After the initial shock at the beauty of the gorgeous jewelery, the training center, its greenery, and the comparitive paradise that is Thies, we also went to some local points of interest: a local Monastary, the first organized Christian anything I've seen/done in over a year of being in Africa! There were a fair number of us that attended the Mass and were treated to the "Heavenly sounds" of the monks' voices and their musical instruments: a 23 stringed guitar called a kora (say it: core- ah), a bongo drum, and a hollowed out gourd... not to mention the constant birdsong going on just outside!

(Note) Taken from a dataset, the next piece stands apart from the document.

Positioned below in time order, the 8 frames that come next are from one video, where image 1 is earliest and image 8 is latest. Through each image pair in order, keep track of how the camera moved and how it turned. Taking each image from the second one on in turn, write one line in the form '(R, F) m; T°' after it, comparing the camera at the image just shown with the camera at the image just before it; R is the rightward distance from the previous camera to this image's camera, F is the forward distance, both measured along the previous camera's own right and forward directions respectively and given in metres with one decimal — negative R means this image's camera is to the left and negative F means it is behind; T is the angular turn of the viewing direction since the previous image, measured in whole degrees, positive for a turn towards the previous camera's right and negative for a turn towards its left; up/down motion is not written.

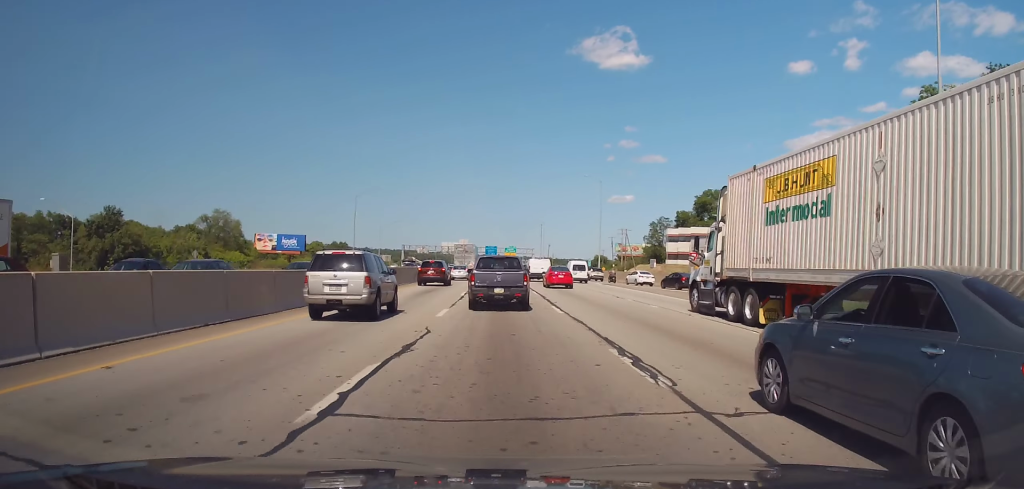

Later, when about 40 of us went to Popingue (say it: pope-in-gay) for the beach clean up, etc, we learned more about the Muslim/Christian relations in Senegal (in Mauritania they're tense...) Popingue boasts one of the largest Christian population and pilgrimage sites in West Africa. Locals say its not at all a problem living totally mixed with Muslims and Christians: most families are about half and half, with a few aunts and uncles practicing Christians, and a few practicing Muslims. They claim that they're all family, they all love each other, it is what it is, and they all serve One God... so it's a non-issue!

Monday we're leaving the Training Center in Thies to go to Dakar and find out if we're actually going back to Mauritania, changing all sites to be along the river, or leaving the country...

1 comment:

Tonya said...

Thank you Michele for sharing your adventures with those of us stalking parents. I really appreciated reading your blog. I wish you luck and joy wherever your road may travel.